A lipogranuloma of the female breast is a relatively rare condition. Lipogranulomas are nonallergic foreign body reactions typically found in areas where lipid material has been injected either traumatically or for a specific purpose.2
Several types of lipogranulomas have been reported to develop after injection of lipid substances for cosmetic purposes and after trauma or specific therapy.1,2,6,7
In the breast, this type of soft tissue reaction has been reported. Lipogranulomas can develop after release of a silicone gel from breast implants and after phenothiazine therapy.2,8
Our patient had undergone oriental medicine alternative therapy called "Bu-Hwang" to reduce pain and bruising. "Bu-Hwang" is a traditional oriental alternative medicine therapy and is performed by puncturing the skin and depleting the blood by giving strong negative pressure using a Bu-Hwang cup. According to the tradition, it is considered to facilitate gas exchange for achievement of blood purification. We think that this procedure can draw parenchymal soft tissue or fat tissue into the subcutaneous level. A lipogranuloma is known as iatrogenically caused inflammatory change that occurs mostly in the penis and scrotum of a young adult male.1
Our patient denied having a history of exogenous foreign body injection or topical use of drugs. In this case, we suspect that the lipogranuloma originated from endogenous fat degeneration by the strong negative pressure that pulled the parenchymal fat into the subcutaneous layer. It is known that trauma is related directly to or by an allergic mechanism for the development of a lipogranuloma.6
It seems that "Bu-Hwang" can occasionally be a type of traumatic process.

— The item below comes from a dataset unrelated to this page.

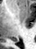 Image size 36x49 | MR image
posterior hippocampus: left=13, top=39, right=18, bottom=41
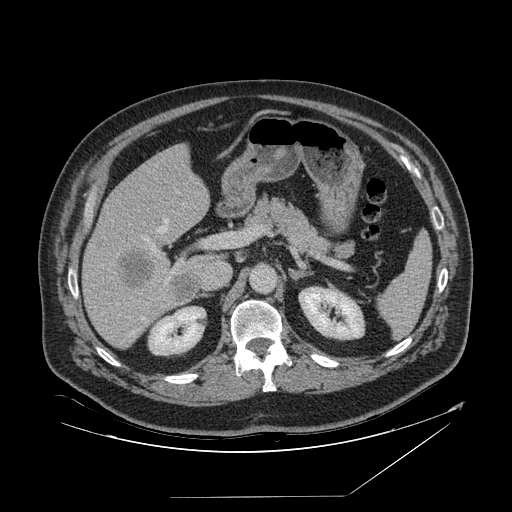 CT image
The spleen is located at x1=378, y1=235, x2=431, y2=339.

In our case, the final pathological diagnosis was related to osseous metaplasia. The terms "osseous metaplasia" or "heterotopic bone formation" are used to express bone formation in abnormal locations.4
Osseous metaplasia may develop after trauma, or with a post-traumatic hematoma and soft-tissue tumors, especially slow growing tumors treated with radiation.3
Several cases of osseous metaplasia have been reported that were related to conditions, including tubular adenoma of the colon, diffuse large B-cell lymphoma and amyloid-producing dyscrasia.5,9
Few studies have reported benign breast lesions that were seen as osseous metaplasia.10
It is generally agreed that bone in breast tissue occurs in a variety of mammary lesions and may have more than one mechanism of formation.3
Mammography of nonneoplastic osseous metaplasia of the breast has been reported only once, depicting extensive focal ossification of both breasts in association with chronic nonspecific mastitis.10
Imaging findings of osseous metaplasia for a neoplasm depend on the nature of the underlying neoplasm. In the case of a fibroadenoma or cystsarcoma phylloides, mammography and sonography demonstrate a well-defined, oval lesion with coarse calcification.3
Our case also showed well-defined dense ossification, however, the bizarre shape in this case might have been produced by artificial external pressure due to the "Bu-Hwang" procedure. It is difficult to determine if osseous metaplasia developed from a tumorous condition such as a lipogranuloma or originated from a traumatic process. The suggested mechanism for the origin of osseous metaplasia remains obscure. In this case, post-traumatic fat degeneration after "Bu-Hwang" oriental medicine alternative therapy caused the formation of the lipogranuloma and osseous metaplasia. To the our knowledge, this is the first report of a lipogranuloma with osseous metaplasia on the breast.